▸ TASK BRIEF: What is needed is an exact copy of every entry, without the pictures.
▼
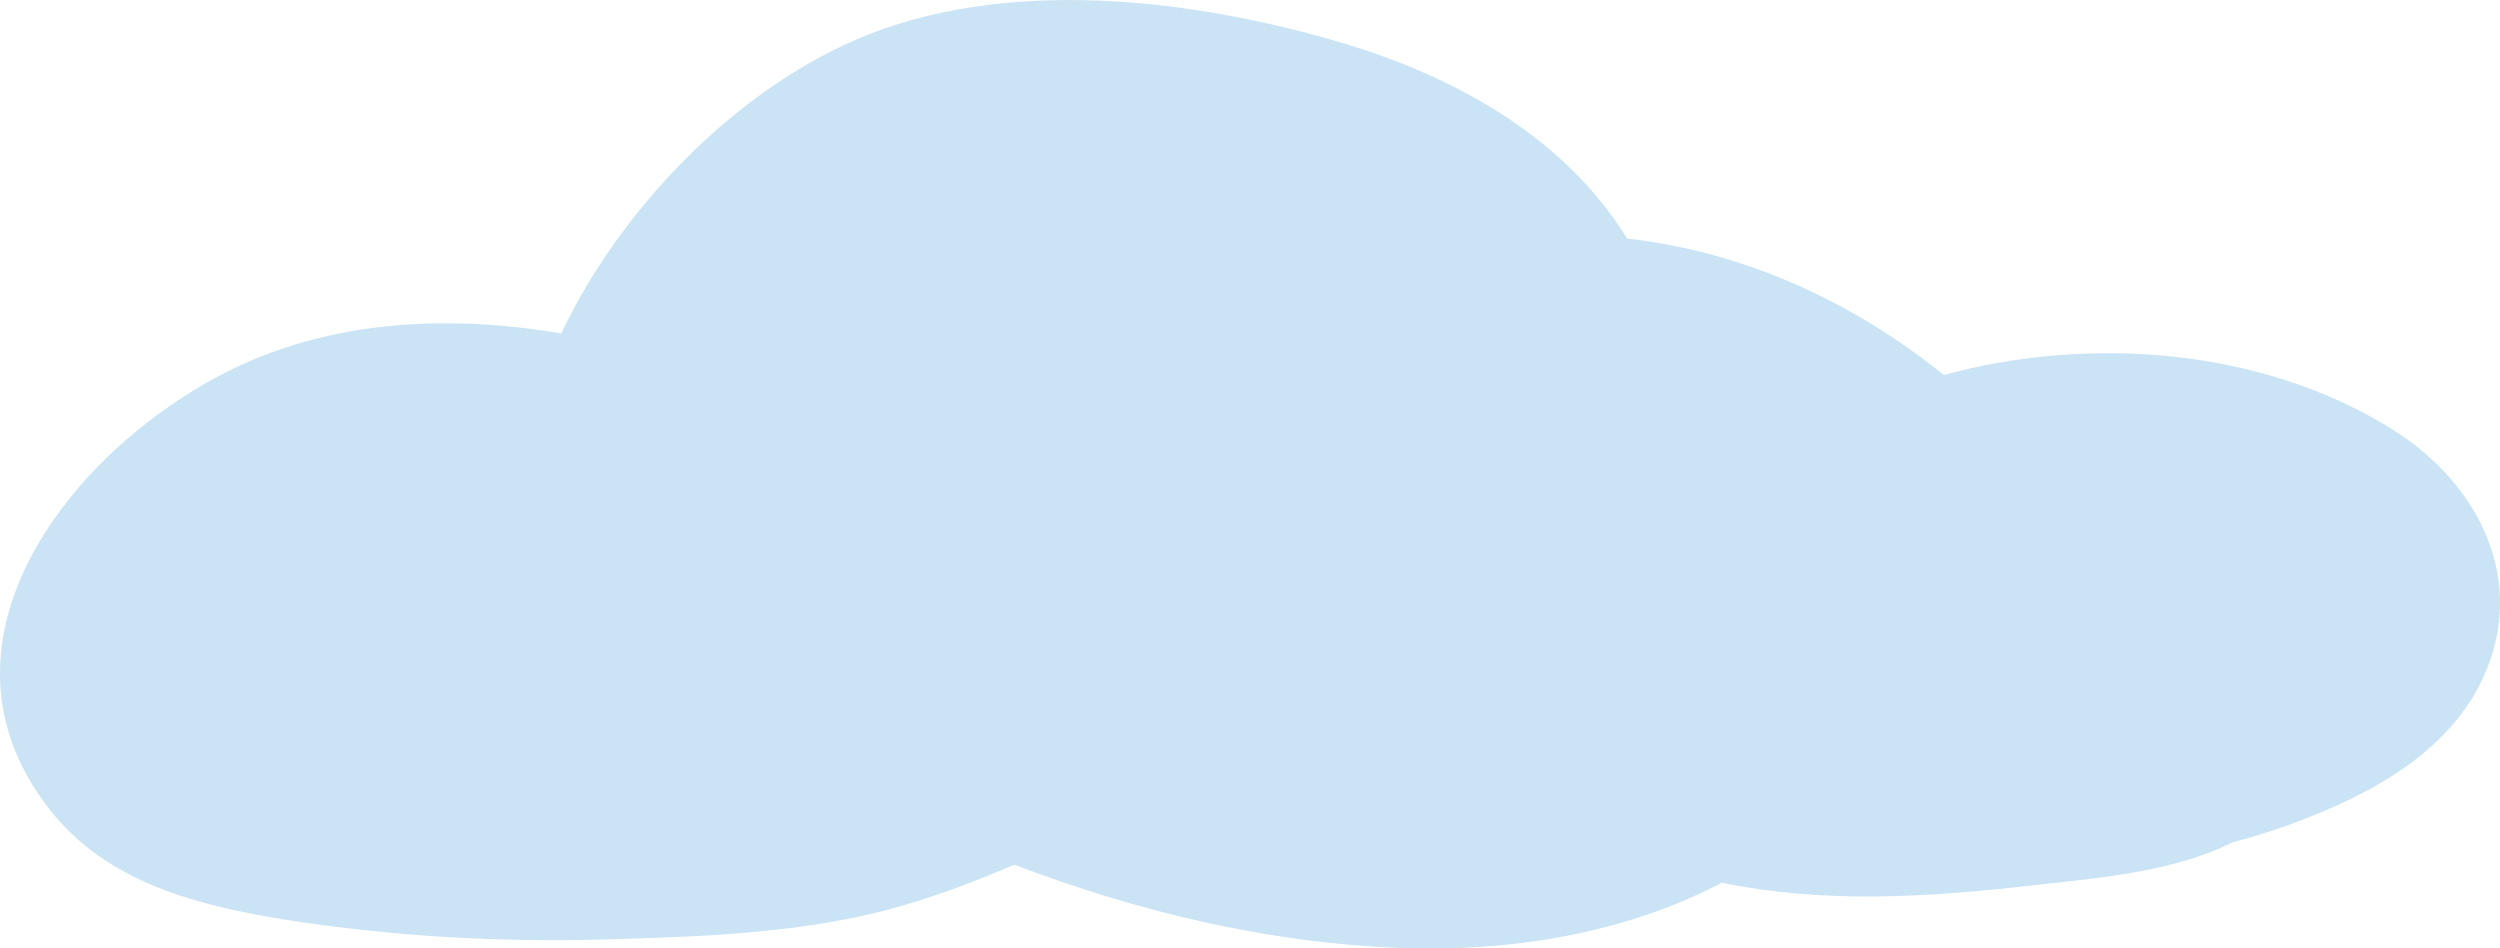 <?xml version="1.0" encoding="utf-8"?>
<!-- Generator: Adobe Illustrator 27.0.0, SVG Export Plug-In . SVG Version: 6.00 Build 0)  -->
<svg version="1.1" id="Layer_1" xmlns="http://www.w3.org/2000/svg" xmlns:xlink="http://www.w3.org/1999/xlink" x="0px" y="0px"
	 viewBox="0 0 176.62 67" style="enable-background:new 0 0 176.62 67;" xml:space="preserve">
<style type="text/css">
	.st0{opacity:0.35;fill:#67B0E2;}
</style>
<path class="st0" d="M18.56,25.14c6.28-2.46,13.09-2.75,19.71-1.8c0.45,0.06,0.92,0.14,1.38,0.22C43.73,14.92,51.7,6.61,60.41,2.83
	c10.49-4.57,23.9-2.94,34.57,0.25c8.27,2.48,15.75,6.9,19.97,13.77c2.37,0.28,4.71,0.75,6.95,1.42c5.67,1.69,10.84,4.53,15.43,8.22
	c10.41-2.84,22.65-1.86,31.77,3.9c5.41,3.41,9.01,9.48,6.92,15.97c-2.06,6.39-8.36,9.75-14.25,11.89c-1.34,0.49-2.71,0.9-4.1,1.28
	c-0.44,0.2-0.87,0.42-1.32,0.6c-4.14,1.62-8.65,1.95-13.03,2.45c-7.22,0.82-14.55,1.26-21.68-0.22c-6.82,3.59-14.97,4.92-22.77,4.61
	c-9.41-0.37-18.5-2.57-27.21-5.88c-2.95,1.25-5.93,2.39-8.98,3.19c-6.41,1.68-13.34,1.9-19.94,2.09
	c-7.51,0.21-14.99-0.22-22.42-1.37C14.05,64,7.55,62.4,3.46,57.13C-6.4,44.44,6.76,29.75,18.56,25.14z"/>
</svg>
▲
▸ SOLUTION BELOW:
 <?xml version="1.0" encoding="utf-8"?>
<!-- Generator: Adobe Illustrator 27.0.0, SVG Export Plug-In . SVG Version: 6.00 Build 0)  -->
<svg version="1.1" id="Layer_1" xmlns="http://www.w3.org/2000/svg" xmlns:xlink="http://www.w3.org/1999/xlink" x="0px" y="0px"
	 viewBox="0 0 176.62 67" style="enable-background:new 0 0 176.62 67;" xml:space="preserve">
<style type="text/css">
	.st0{opacity:0.35;fill:#67B0E2;}
</style>
<path class="st0" d="M18.56,25.14c6.28-2.46,13.09-2.75,19.71-1.8c0.45,0.06,0.92,0.14,1.38,0.22C43.73,14.92,51.7,6.61,60.41,2.83
	c10.49-4.57,23.9-2.94,34.57,0.25c8.27,2.48,15.75,6.9,19.97,13.77c2.37,0.28,4.71,0.75,6.95,1.42c5.67,1.69,10.84,4.53,15.43,8.22
	c10.41-2.84,22.65-1.86,31.77,3.9c5.41,3.41,9.01,9.48,6.92,15.97c-2.06,6.39-8.36,9.75-14.25,11.89c-1.34,0.49-2.71,0.9-4.1,1.28
	c-0.44,0.2-0.87,0.42-1.32,0.6c-4.14,1.62-8.65,1.95-13.03,2.45c-7.22,0.82-14.55,1.26-21.68-0.22c-6.82,3.59-14.97,4.92-22.77,4.61
	c-9.41-0.37-18.5-2.57-27.21-5.88c-2.95,1.25-5.93,2.39-8.98,3.19c-6.41,1.68-13.34,1.9-19.94,2.09
	c-7.51,0.21-14.99-0.22-22.42-1.37C14.05,64,7.55,62.4,3.46,57.13C-6.4,44.44,6.76,29.75,18.56,25.14z"/>
</svg>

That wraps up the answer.